# Work to be completed
When you copy the data, keep every line exactly as written and skip the pictures.

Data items
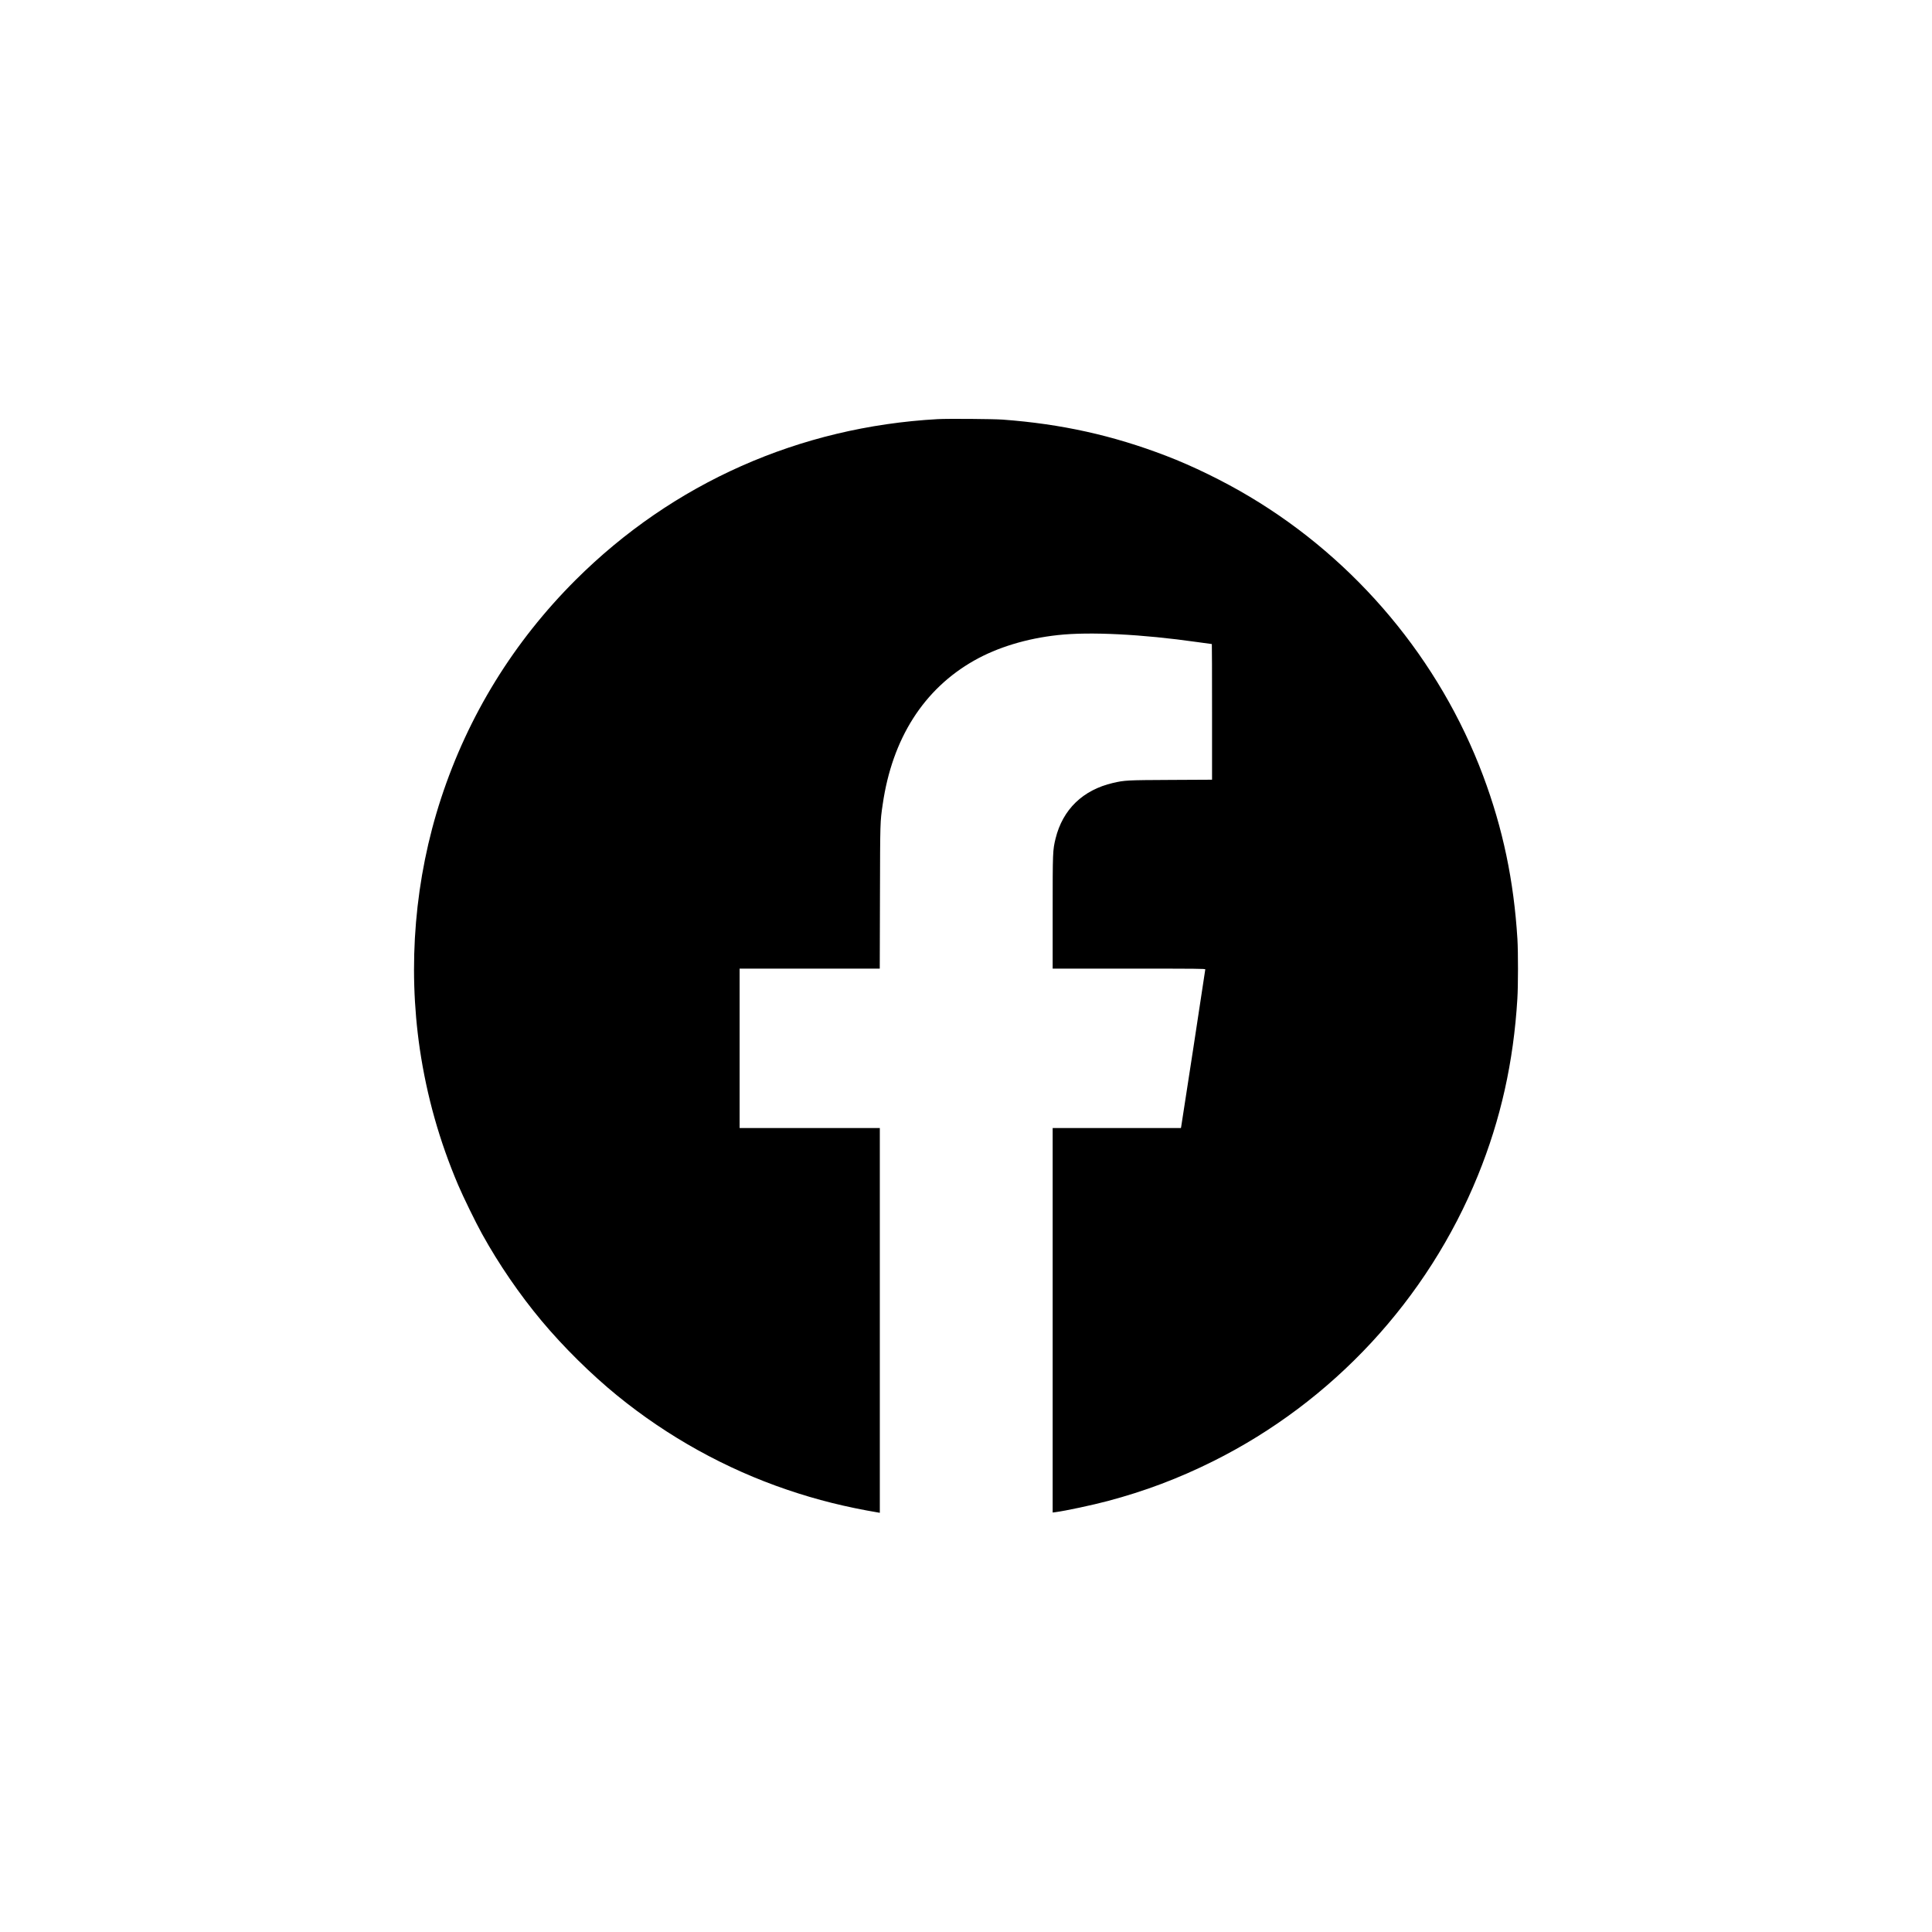 <?xml version="1.0" encoding="UTF-8" standalone="no"?>
<svg xmlns="http://www.w3.org/2000/svg" xmlns:xlink="http://www.w3.org/1999/xlink" version="1.1" width="1080" height="1080" viewBox="0 0 1080 1080" xml:space="preserve">
<desc>Created with Fabric.js 5.2.4</desc>
<defs>
</defs>
<rect x="0" y="0" width="100%" height="100%" fill="transparent"></rect>
<g transform="matrix(1 0 0 1 540 540)" id="4547c4bc-978c-4a4a-a0e1-8b5a948a53c2">
<rect style="stroke: none; stroke-width: 1; stroke-dasharray: none; stroke-linecap: butt; stroke-dashoffset: 0; stroke-linejoin: miter; stroke-miterlimit: 4; fill: rgb(255,255,255); fill-rule: nonzero; opacity: 1; visibility: hidden;" x="-540" y="-540" rx="0" ry="0" width="1080" height="1080"></rect>
</g>
<g transform="matrix(1 0 0 1 540 540)" id="28b6d943-9aa3-472a-b939-7e6660ec5a5d">
</g>
<g transform="matrix(38.57 0 0 38.57 540 540)">
<path style="stroke: none; stroke-width: 1; stroke-dasharray: none; stroke-linecap: butt; stroke-dashoffset: 0; stroke-linejoin: miter; stroke-miterlimit: 4; fill: rgb(0,0,0); fill-rule: evenodd; opacity: 1;" transform=" translate(-14, -13.93)" d="M 13.591 6.004 C 11.587 6.115 9.752 6.93 8.344 8.333 C 7.444 9.231 6.786 10.298 6.392 11.5 C 6.012 12.66 5.906 13.919 6.084 15.134 C 6.185 15.815 6.367 16.463 6.64 17.105 C 6.712 17.274 6.894 17.648 6.987 17.815 C 7.23 18.254 7.529 18.69 7.849 19.073 C 8.163 19.449 8.567 19.848 8.945 20.156 C 9.678 20.753 10.518 21.219 11.409 21.521 C 11.841 21.668 12.259 21.772 12.734 21.852 L 12.751 21.855 L 12.751 19.066 L 12.751 16.278 L 11.735 16.278 L 10.719 16.278 L 10.719 15.123 L 10.719 13.968 L 11.734 13.968 L 12.75 13.968 L 12.753 12.927 C 12.756 11.82 12.755 11.845 12.793 11.586 C 12.931 10.634 13.387 9.916 14.12 9.502 C 14.456 9.312 14.878 9.183 15.331 9.134 C 15.791 9.083 16.55 9.121 17.351 9.235 C 17.466 9.251 17.561 9.264 17.563 9.264 C 17.565 9.264 17.566 9.707 17.566 10.247 L 17.566 11.23 L 16.968 11.233 C 16.328 11.236 16.299 11.238 16.13 11.277 C 15.693 11.379 15.402 11.661 15.298 12.083 C 15.257 12.254 15.256 12.268 15.256 13.153 L 15.256 13.968 L 16.362 13.968 C 17.361 13.968 17.468 13.969 17.468 13.979 C 17.468 13.992 17.126 16.224 17.119 16.258 L 17.115 16.278 L 16.185 16.278 L 15.256 16.278 L 15.256 19.065 L 15.256 21.851 L 15.295 21.846 C 15.44 21.827 15.834 21.743 16.055 21.684 C 16.593 21.541 17.079 21.358 17.581 21.108 C 19.315 20.244 20.689 18.762 21.419 16.966 C 21.75 16.153 21.936 15.319 21.991 14.405 C 22.003 14.22 22.003 13.727 21.992 13.541 C 21.94 12.695 21.782 11.939 21.494 11.171 C 20.866 9.495 19.659 8.051 18.113 7.129 C 17.738 6.904 17.281 6.681 16.898 6.535 C 16.126 6.239 15.382 6.074 14.532 6.011 C 14.39 6.001 13.745 5.996 13.591 6.004 Z" stroke-linecap="round"></path>
</g>
</svg>
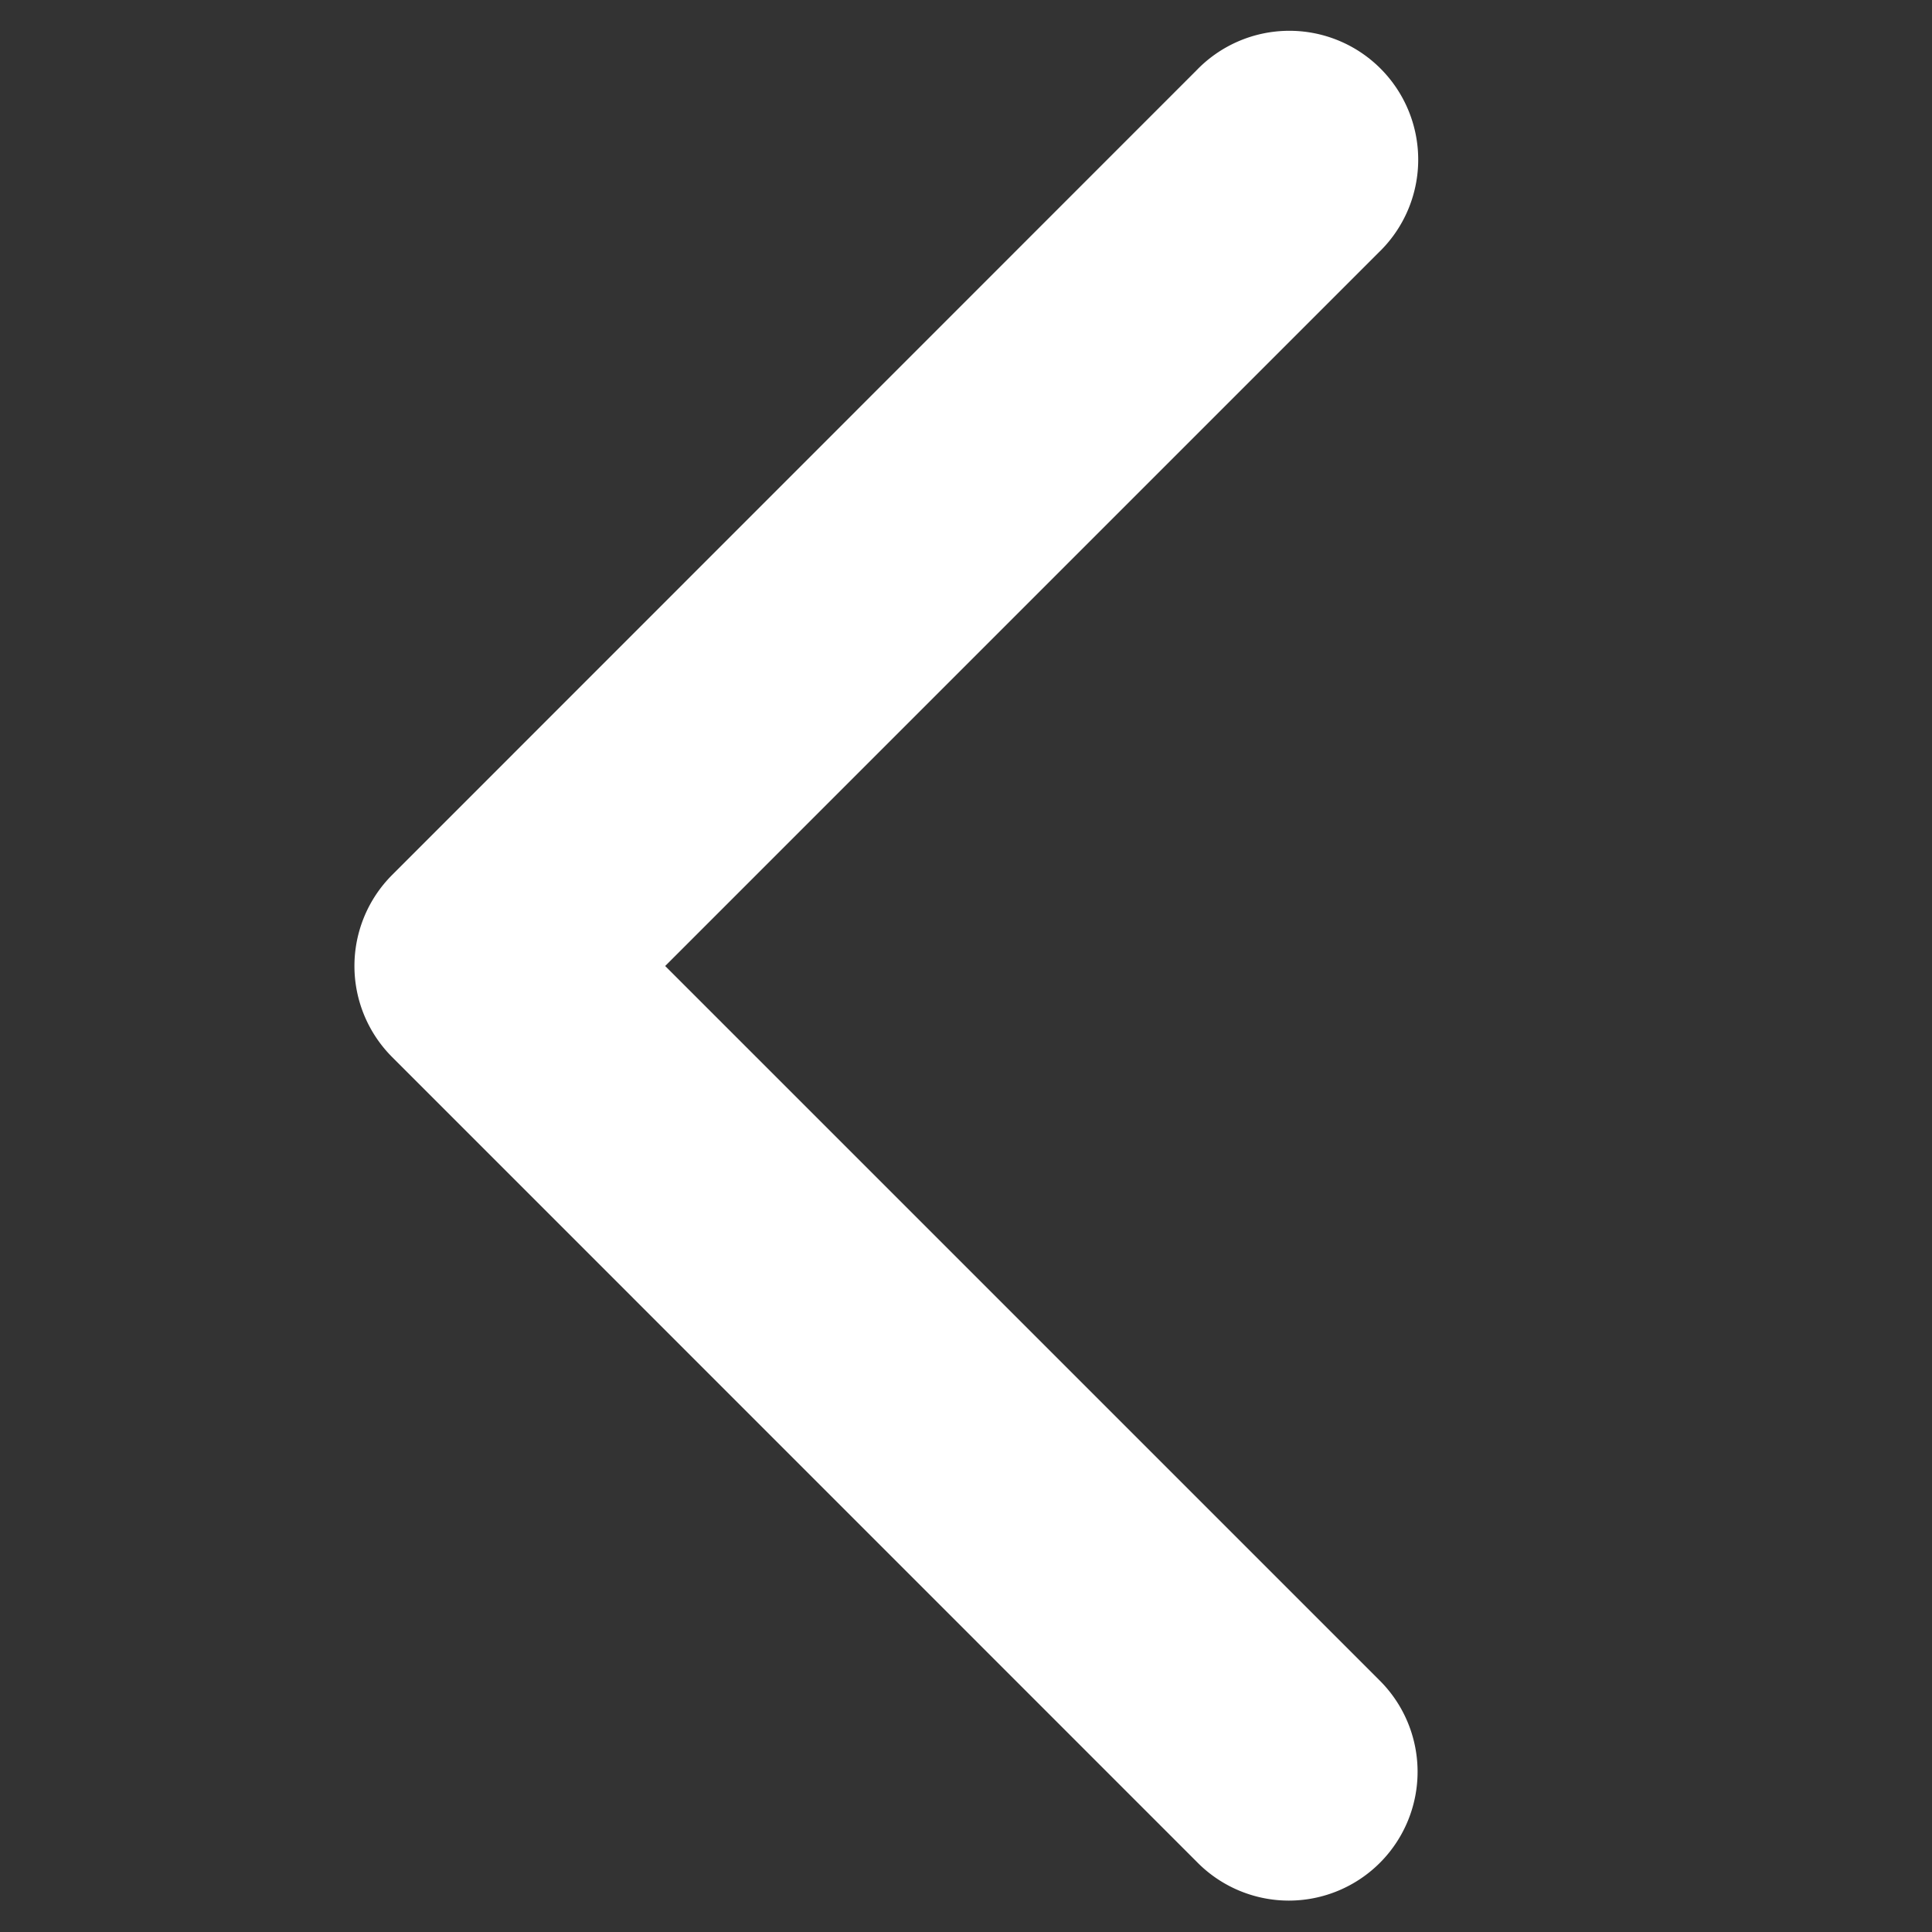 <svg width="16" height="16" xmlns="http://www.w3.org/2000/svg">
    <rect width="100%" height="100%" fill="#333333" stroke="none"/>
    <path d="M10.673 15.34a.667.667 0 0 0 .465-1.145L4.943 8l6.195-6.195a.667.667 0 1 0-.943-.943L3.53 7.529a.667.667 0 0 0 0 .942l6.666 6.667a.667.667 0 0 0 .478.202z" fill="#FFF" fill-rule="nonzero" stroke="#FFF" stroke-width=".8"/>
</svg>

# Response
 <?xml version="1.0" encoding="UTF-8" standalone="no"?>
<svg xmlns="http://www.w3.org/2000/svg" xmlns:xlink="http://www.w3.org/1999/xlink" version="1.1" width="1080" height="1080" viewBox="0 0 1080 1080" xml:space="preserve">
<desc>Created with Fabric.js 5.2.4</desc>
<defs>
</defs>
<rect x="0" y="0" width="100%" height="100%" fill="transparent"></rect>
<g transform="matrix(1 0 0 1 540 540)" id="4547c4bc-978c-4a4a-a0e1-8b5a948a53c2">
<rect style="stroke: none; stroke-width: 1; stroke-dasharray: none; stroke-linecap: butt; stroke-dashoffset: 0; stroke-linejoin: miter; stroke-miterlimit: 4; fill: rgb(255,255,255); fill-rule: nonzero; opacity: 1; visibility: hidden;" x="-540" y="-540" rx="0" ry="0" width="1080" height="1080"></rect>
</g>
<g transform="matrix(1 0 0 1 540 540)" id="28b6d943-9aa3-472a-b939-7e6660ec5a5d">
</g>
<g transform="matrix(38.57 0 0 38.57 540 540)">
<path style="stroke: none; stroke-width: 1; stroke-dasharray: none; stroke-linecap: butt; stroke-dashoffset: 0; stroke-linejoin: miter; stroke-miterlimit: 4; fill: rgb(0,0,0); fill-rule: evenodd; opacity: 1;" transform=" translate(-14, -13.93)" d="M 13.591 6.004 C 11.587 6.115 9.752 6.93 8.344 8.333 C 7.444 9.231 6.786 10.298 6.392 11.5 C 6.012 12.66 5.906 13.919 6.084 15.134 C 6.185 15.815 6.367 16.463 6.64 17.105 C 6.712 17.274 6.894 17.648 6.987 17.815 C 7.23 18.254 7.529 18.69 7.849 19.073 C 8.163 19.449 8.567 19.848 8.945 20.156 C 9.678 20.753 10.518 21.219 11.409 21.521 C 11.841 21.668 12.259 21.772 12.734 21.852 L 12.751 21.855 L 12.751 19.066 L 12.751 16.278 L 11.735 16.278 L 10.719 16.278 L 10.719 15.123 L 10.719 13.968 L 11.734 13.968 L 12.75 13.968 L 12.753 12.927 C 12.756 11.82 12.755 11.845 12.793 11.586 C 12.931 10.634 13.387 9.916 14.12 9.502 C 14.456 9.312 14.878 9.183 15.331 9.134 C 15.791 9.083 16.55 9.121 17.351 9.235 C 17.466 9.251 17.561 9.264 17.563 9.264 C 17.565 9.264 17.566 9.707 17.566 10.247 L 17.566 11.23 L 16.968 11.233 C 16.328 11.236 16.299 11.238 16.13 11.277 C 15.693 11.379 15.402 11.661 15.298 12.083 C 15.257 12.254 15.256 12.268 15.256 13.153 L 15.256 13.968 L 16.362 13.968 C 17.361 13.968 17.468 13.969 17.468 13.979 C 17.468 13.992 17.126 16.224 17.119 16.258 L 17.115 16.278 L 16.185 16.278 L 15.256 16.278 L 15.256 19.065 L 15.256 21.851 L 15.295 21.846 C 15.44 21.827 15.834 21.743 16.055 21.684 C 16.593 21.541 17.079 21.358 17.581 21.108 C 19.315 20.244 20.689 18.762 21.419 16.966 C 21.75 16.153 21.936 15.319 21.991 14.405 C 22.003 14.22 22.003 13.727 21.992 13.541 C 21.94 12.695 21.782 11.939 21.494 11.171 C 20.866 9.495 19.659 8.051 18.113 7.129 C 17.738 6.904 17.281 6.681 16.898 6.535 C 16.126 6.239 15.382 6.074 14.532 6.011 C 14.39 6.001 13.745 5.996 13.591 6.004 Z" stroke-linecap="round"></path>
</g>
</svg>
 <svg width="16" height="16" xmlns="http://www.w3.org/2000/svg">
    <rect width="100%" height="100%" fill="#333333" stroke="none"/>
    <path d="M10.673 15.34a.667.667 0 0 0 .465-1.145L4.943 8l6.195-6.195a.667.667 0 1 0-.943-.943L3.53 7.529a.667.667 0 0 0 0 .942l6.666 6.667a.667.667 0 0 0 .478.202z" fill="#FFF" fill-rule="nonzero" stroke="#FFF" stroke-width=".8"/>
</svg>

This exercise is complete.